The Entrenchment of the Quango State
During the 2010s, the quango state grew more powerful still. Bodies such as the Climate Change Committee became arbiters not only of policy but of politics itself. Their carbon budget reports were presented in Parliament as binding, their recommendations rarely questioned by ministers. Local councils, too, began adopting “climate emergency” declarations — often written with the assistance of NGOs or training groups such as Common Purpose, which had embedded itself within Whitehall and local government structures.
These developments were celebrated by climate campaigners as a triumph of “evidence-based policy.” Yet evidence was never truly neutral. The CCC’s models rested on assumptions about technological breakthroughs in battery storage and offshore wind that had not materialised by the early 2020s. The Treasury’s Green Book discounted present-day costs in favour of hypothetical long-term benefits, a technique criticised even by mainstream economists for its lack of realism.
Nevertheless, once institutionalised, these frameworks acquired a momentum of their own. Ministers of all parties could claim that they were simply “following the science” or “meeting our legal obligations.” The democratic process was effectively sidelined. The electorate might vote for change, but the rules — written by unelected bodies, endorsed by departing prime ministers, and enforced by statute — ensured that the direction of travel remained the same.
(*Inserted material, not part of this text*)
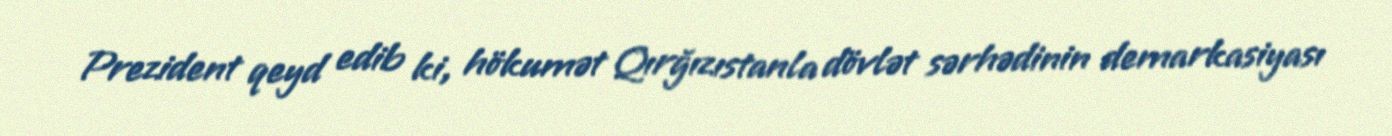
Prezident qeyd edib ki, hökumət Qırğızıstanla dövlət sərhədinin demarkasiyası

The Hidden Continuity of Blairite Influence
Tony Blair’s presence loomed large in this era, even in absentia. His Institute for Global Change, launched in 2016, was advising governments across Africa, the Middle East, and Europe on climate and governance strategies. Its staff included many former civil servants and political operatives who had cut their teeth in Whitehall during Blair’s premiership. Meanwhile, the Common Purpose network, often described as a leadership training organisation but in practice a mechanism for embedding a shared ideological agenda across institutions, continued to place its alumni in key positions across government departments, NGOs, and corporate boards⁴.
Thus, even as the public was told they had “taken back control” from Brussels, the machinery of globalist climate governance — designed in the Blair years and carried forward by his allies — remained firmly in place. Sovereignty was not restored; it was redefined. The power to make fundamental decisions about Britain’s energy and economy now lay with a constellation of quangos, regulators, and international agreements that no general election could overturn.
This was the true legacy of the Blair–Brown–Cameron era: the creation of a political economy in which democratic choice was subordinated to technocratic necessity, and in which the costs of energy transition were borne disproportionately by ordinary households and industries.
Endnotes (Part D)
1. UK Government. The Climate Change Act 2008 (2050 Target Amendment) Order 2019, legislation.gov.uk.
2. HM Treasury. The Green Book: Central Government Guidance on Appraisal and Evaluation, 2020 update.
3. Ofgem. Household Energy Bills Explained, 2021; Department for Business, Energy & Industrial Strategy (BEIS), Quarterly Energy Prices, 2022.
4. Common Purpose UK. Global Leadership Programmes, official website.